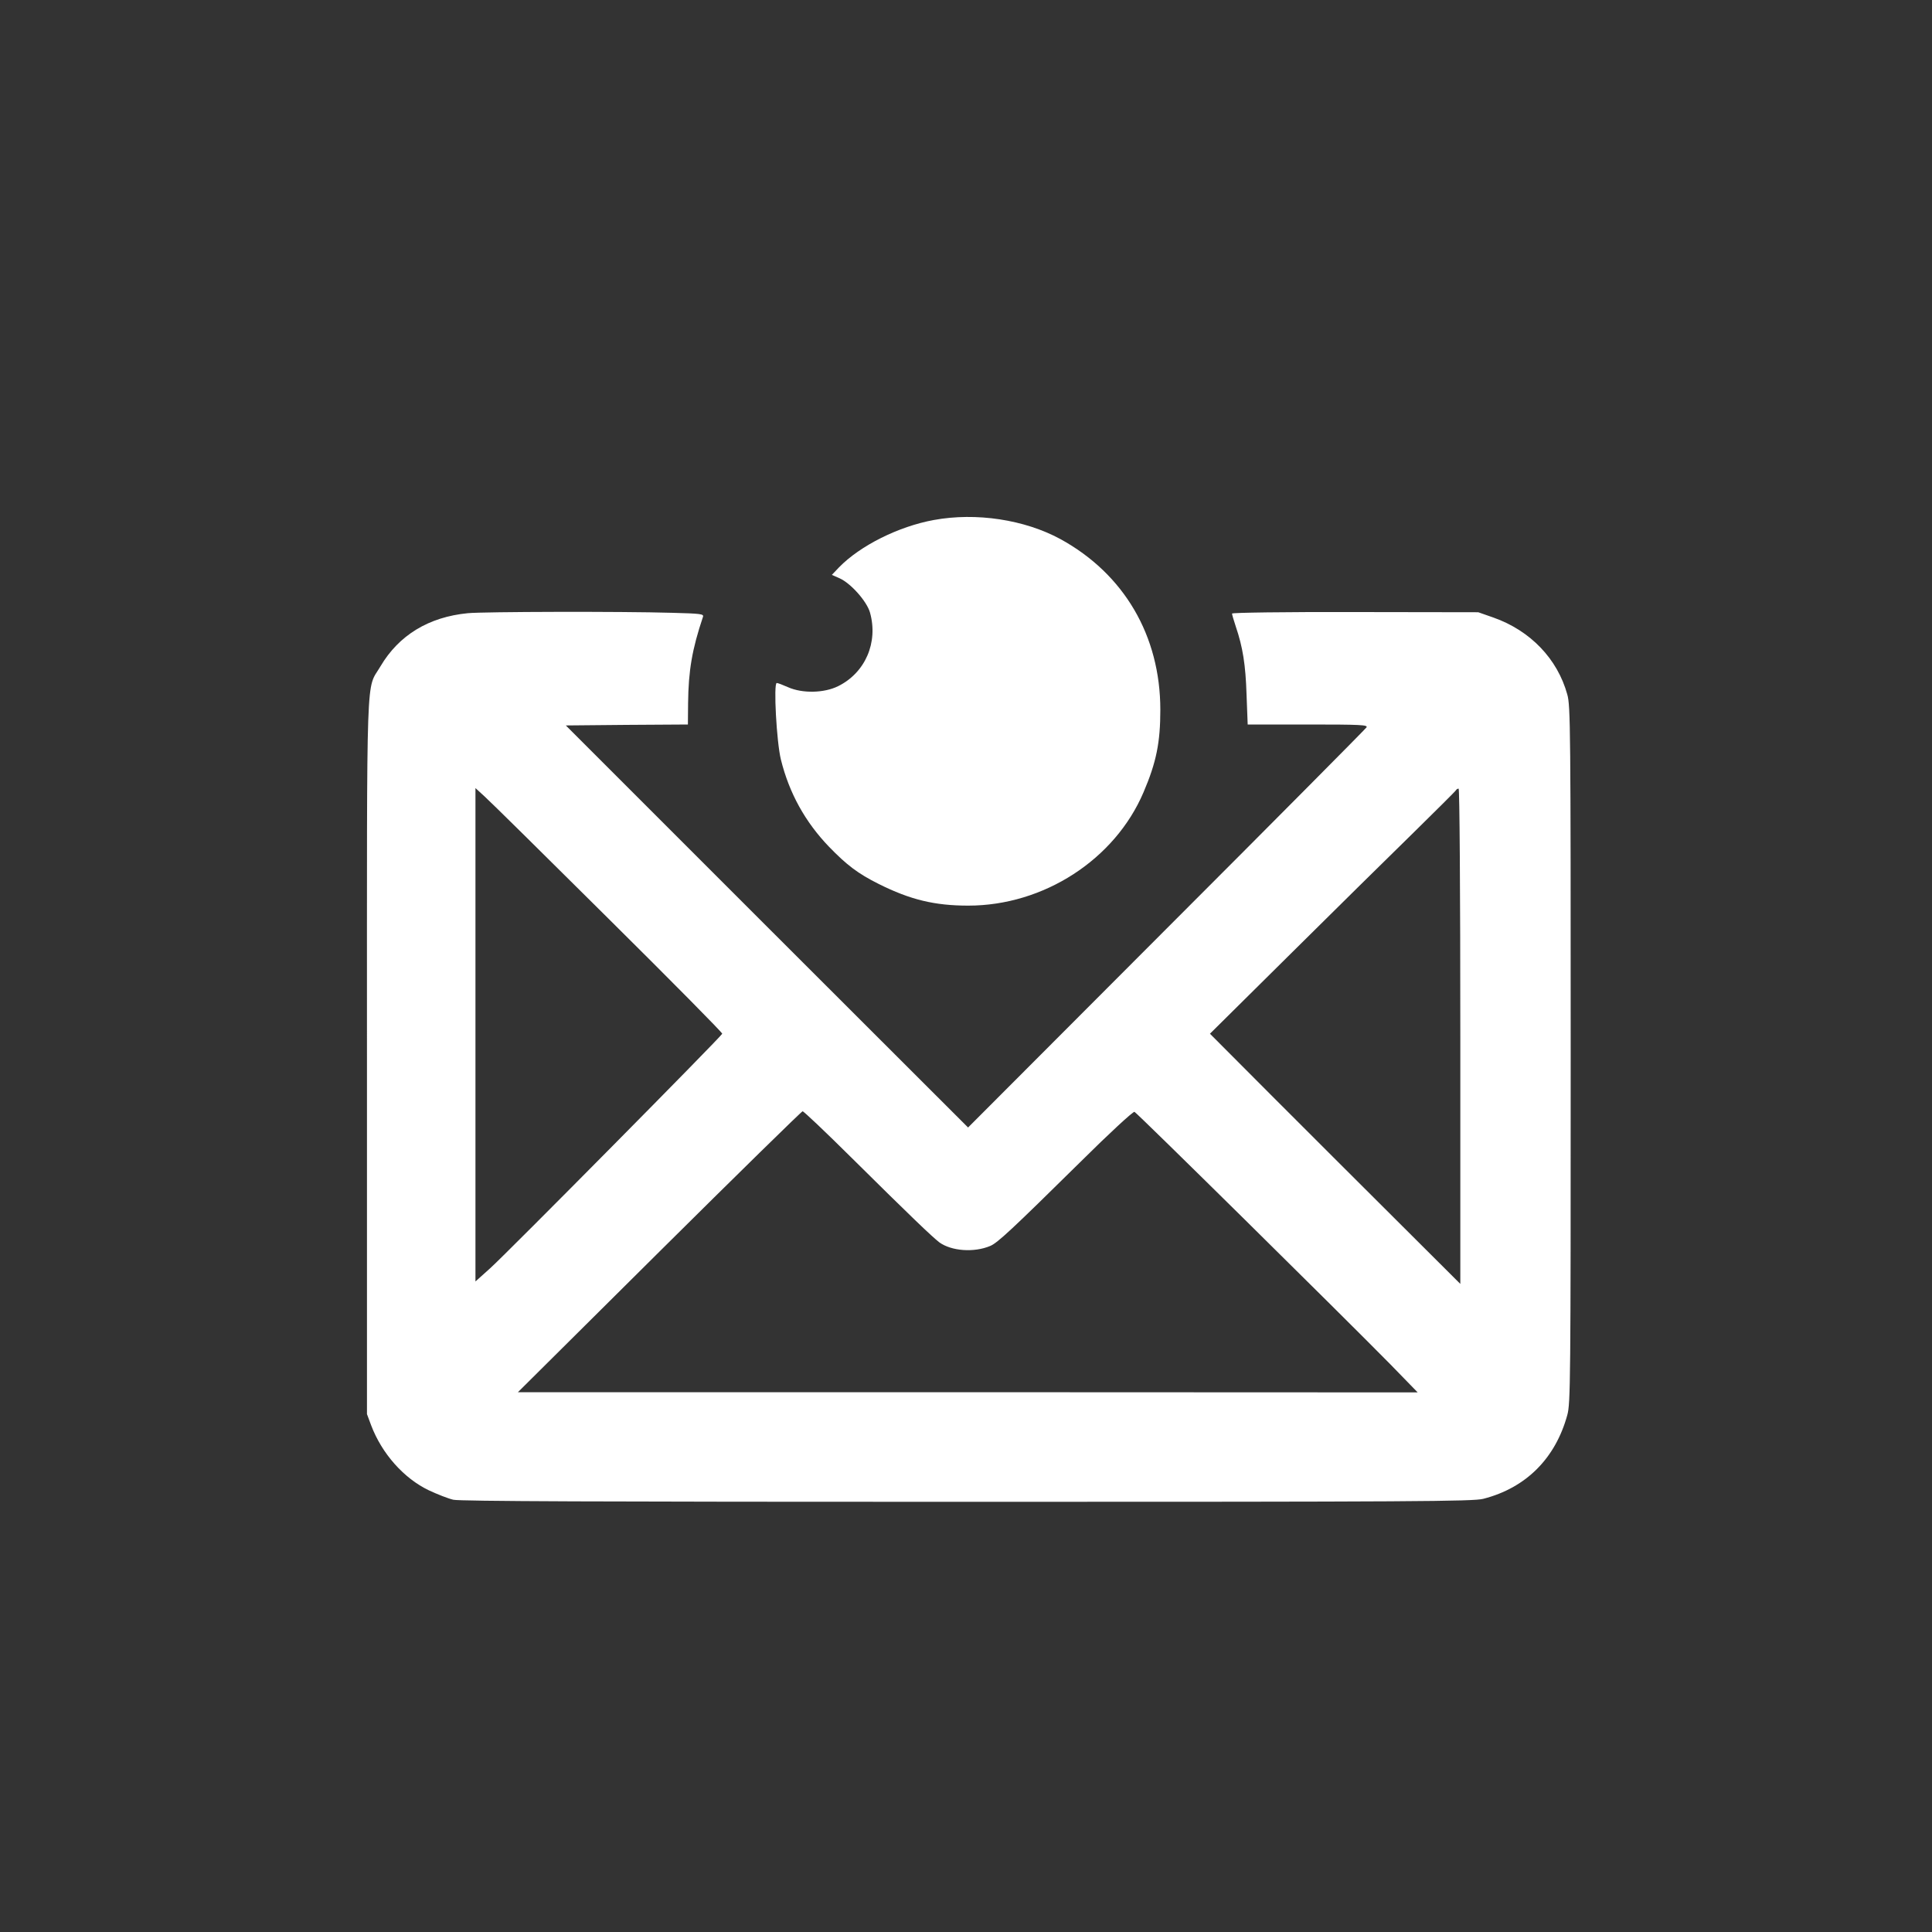 <?xml version="1.0" standalone="no"?>
<!DOCTYPE svg PUBLIC "-//W3C//DTD SVG 20010904//EN"
 "http://www.w3.org/TR/2001/REC-SVG-20010904/DTD/svg10.dtd">
<svg version="1.0" xmlns="http://www.w3.org/2000/svg"
 width="1024pt" height="1024pt" viewBox="0 0 1024 1024"
 preserveAspectRatio="xMidYMid meet">

<rect x="0" y="0" width="1024" height="1024" fill="#333333" stroke="none"/>

<g transform="translate(0,1024) scale(0.1,-0.1)"
fill="#ffffff" stroke="none">
<path d="M4950 7484 c-187 -34 -391 -136 -503 -251 l-38 -40 41 -18 c60 -27
144 -122 161 -181 45 -159 -25 -320 -169 -391 -75 -37 -190 -39 -266 -5 -27
12 -53 22 -59 22 -18 0 -1 -314 22 -406 44 -178 129 -331 255 -462 94 -97 153
-142 263 -197 168 -84 297 -115 475 -115 400 0 777 244 929 601 68 159 89 264
89 437 0 392 -192 720 -530 905 -190 103 -446 142 -670 101z"/>
<path d="M2480 6990 c-208 -20 -366 -117 -463 -281 -78 -134 -72 52 -72 -2069
l0 -1895 22 -59 c57 -151 174 -282 306 -345 45 -21 103 -44 130 -50 35 -8 761
-11 2724 -11 2375 0 2683 2 2735 16 226 58 382 214 445 444 17 61 18 171 18
1910 0 1732 -1 1849 -18 1909 -52 189 -196 339 -392 408 l-80 28 -652 1 c-373
1 -653 -3 -653 -8 0 -5 9 -36 20 -69 37 -109 52 -202 57 -361 l6 -158 319 0
c281 0 318 -2 311 -15 -5 -8 -482 -489 -1061 -1068 l-1051 -1053 -1066 1065
-1066 1066 323 3 324 2 1 113 c2 173 21 285 79 458 5 15 -13 17 -163 21 -270
8 -1001 6 -1083 -2z m743 -1617 c335 -332 607 -607 605 -612 -5 -15 -1145
-1167 -1230 -1243 l-78 -70 0 1307 0 1308 48 -44 c26 -23 321 -314 655 -646z
m4517 -625 l0 -1313 -341 340 c-188 187 -486 485 -664 663 l-322 323 426 422
c234 232 527 521 651 642 123 121 226 223 228 228 2 4 8 7 13 7 5 0 9 -524 9
-1312z m-3230 -641 c320 -317 429 -421 469 -452 64 -46 183 -55 269 -19 39 16
115 87 480 447 149 148 278 267 285 264 12 -4 1098 -1076 1357 -1339 l144
-148 -2384 1 -2385 0 750 745 c412 409 754 744 759 744 6 0 121 -109 256 -243z"/>
</g>
</svg>

[HOW TO COMPLETE THIS TASK]
It would help to have the listing above repeated exactly, with all images removed.

[EXERCISE RESULT]
 <?xml version="1.0" standalone="no"?>
<!DOCTYPE svg PUBLIC "-//W3C//DTD SVG 20010904//EN"
 "http://www.w3.org/TR/2001/REC-SVG-20010904/DTD/svg10.dtd">
<svg version="1.0" xmlns="http://www.w3.org/2000/svg"
 width="1024pt" height="1024pt" viewBox="0 0 1024 1024"
 preserveAspectRatio="xMidYMid meet">

<rect x="0" y="0" width="1024" height="1024" fill="#333333" stroke="none"/>

<g transform="translate(0,1024) scale(0.1,-0.1)"
fill="#ffffff" stroke="none">
<path d="M4950 7484 c-187 -34 -391 -136 -503 -251 l-38 -40 41 -18 c60 -27
144 -122 161 -181 45 -159 -25 -320 -169 -391 -75 -37 -190 -39 -266 -5 -27
12 -53 22 -59 22 -18 0 -1 -314 22 -406 44 -178 129 -331 255 -462 94 -97 153
-142 263 -197 168 -84 297 -115 475 -115 400 0 777 244 929 601 68 159 89 264
89 437 0 392 -192 720 -530 905 -190 103 -446 142 -670 101z"/>
<path d="M2480 6990 c-208 -20 -366 -117 -463 -281 -78 -134 -72 52 -72 -2069
l0 -1895 22 -59 c57 -151 174 -282 306 -345 45 -21 103 -44 130 -50 35 -8 761
-11 2724 -11 2375 0 2683 2 2735 16 226 58 382 214 445 444 17 61 18 171 18
1910 0 1732 -1 1849 -18 1909 -52 189 -196 339 -392 408 l-80 28 -652 1 c-373
1 -653 -3 -653 -8 0 -5 9 -36 20 -69 37 -109 52 -202 57 -361 l6 -158 319 0
c281 0 318 -2 311 -15 -5 -8 -482 -489 -1061 -1068 l-1051 -1053 -1066 1065
-1066 1066 323 3 324 2 1 113 c2 173 21 285 79 458 5 15 -13 17 -163 21 -270
8 -1001 6 -1083 -2z m743 -1617 c335 -332 607 -607 605 -612 -5 -15 -1145
-1167 -1230 -1243 l-78 -70 0 1307 0 1308 48 -44 c26 -23 321 -314 655 -646z
m4517 -625 l0 -1313 -341 340 c-188 187 -486 485 -664 663 l-322 323 426 422
c234 232 527 521 651 642 123 121 226 223 228 228 2 4 8 7 13 7 5 0 9 -524 9
-1312z m-3230 -641 c320 -317 429 -421 469 -452 64 -46 183 -55 269 -19 39 16
115 87 480 447 149 148 278 267 285 264 12 -4 1098 -1076 1357 -1339 l144
-148 -2384 1 -2385 0 750 745 c412 409 754 744 759 744 6 0 121 -109 256 -243z"/>
</g>
</svg>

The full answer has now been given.